Updated from 10:56 a.m. ESTDelta Air Lines ( DAL) shares plunged nearly 12%, after the carrier warned first-quarter losses will be deeper than expected partly because of the high price of oil, a troubling sign that the airline recovery may have stalled out during the seasonally slow winter months. In a filing with the Securities and Exchange Commission, the nation's third-largest carrier said it expects a net loss of about $400 million, up from its previous forecast of $300 million to $350 million, implying a loss of around $3.25 a share. Analysts expect Delta to lose about $307.5 million, or $2.51 a share, in the first quarter, according to Thomson One Analytics. Delta's Friday filing prompted a negative reaction from Wall Street, with a flurry of brokerages dropping their earnings estimates and investors dumping shares.
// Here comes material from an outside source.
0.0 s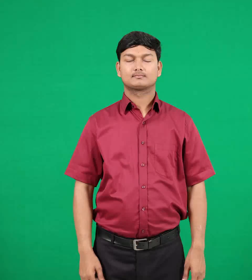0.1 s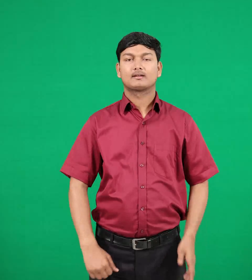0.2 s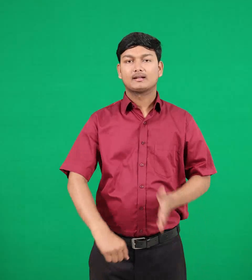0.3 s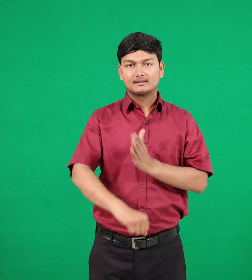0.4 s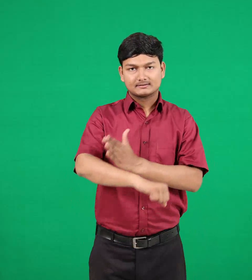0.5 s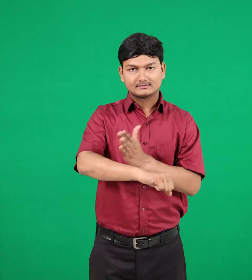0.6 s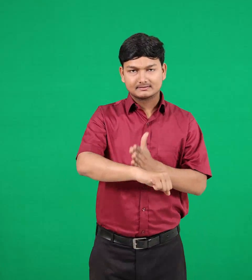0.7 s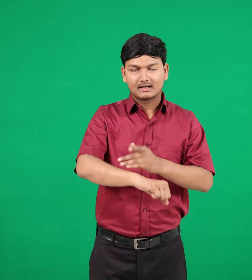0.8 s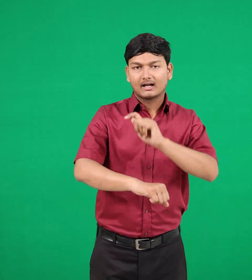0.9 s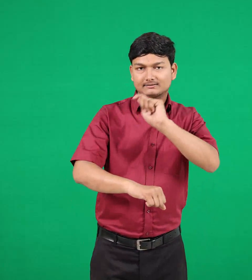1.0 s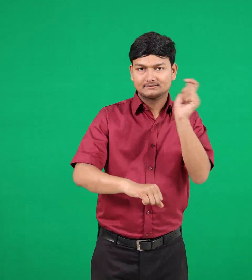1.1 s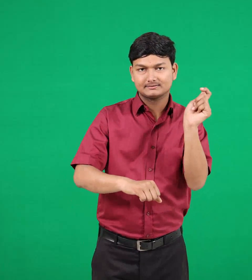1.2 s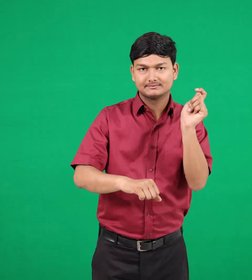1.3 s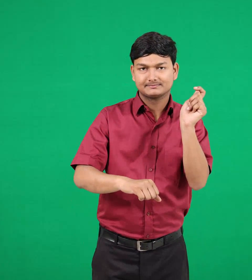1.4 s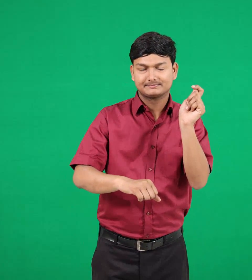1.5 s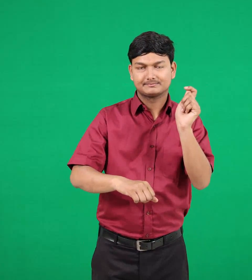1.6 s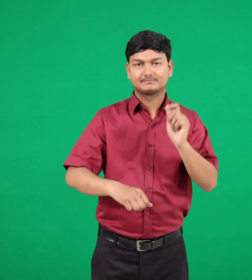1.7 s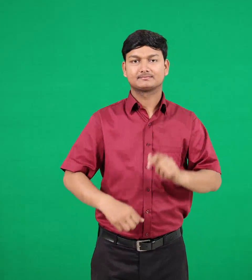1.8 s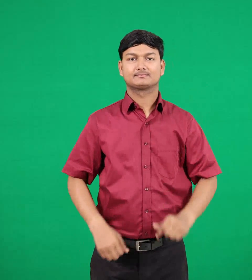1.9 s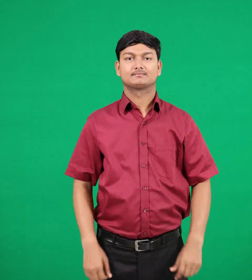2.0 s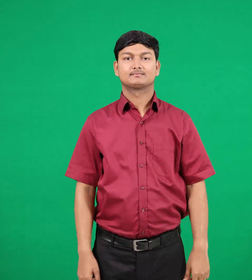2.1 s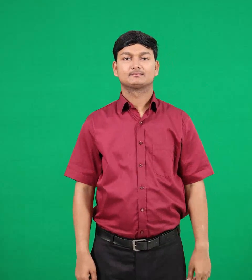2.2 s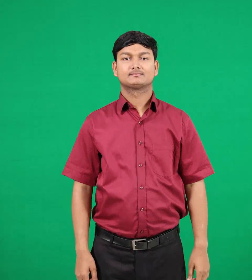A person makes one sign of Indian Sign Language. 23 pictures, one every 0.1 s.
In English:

By midday, Delta shares were off $1.05, or 11.9%, to $7.79, on 5.1 million shares traded, well above its average daily volume. The downdraft pressured other airlines as well, most of which are coming off solid but unspectacular results for January and February. The Amex Airline index was off 5.4%. Delta, which is struggling to cut costs, including wage concessions from its pilot union, attributed the move to higher fuel prices and "continued pressure on passenger revenue," and said the situation further illustrates "Delta's critical need to reduce costs to a competitive level for the long term." Indeed, Delta's comments highlight the pressing concerns the company needs to address in a restructuring plan it hopes to complete by July, which includes a 30% pay cut for unionized pilots. But because the pilots' contract does not expire until May 2005, unlike its rivals, Delta may have to wait a year to cut labor costs. "Disappointment is nothing new for a carrier with labor concerns. All eyes are on the pilots at Delta and Friday's warning actually strengthens management's argument that Delta's current cost structure is unacceptable," said Jamie Baker, airline analyst at J.P. Morgan. "The situation will likely worsen before showing any signs of progress."
|Oil and the Airlines |
Fuel costs are the second-largest expense that airlines have, which creates tremendous volatility for airline earnings, especially at legacy carriers who have not hedged the price of oil.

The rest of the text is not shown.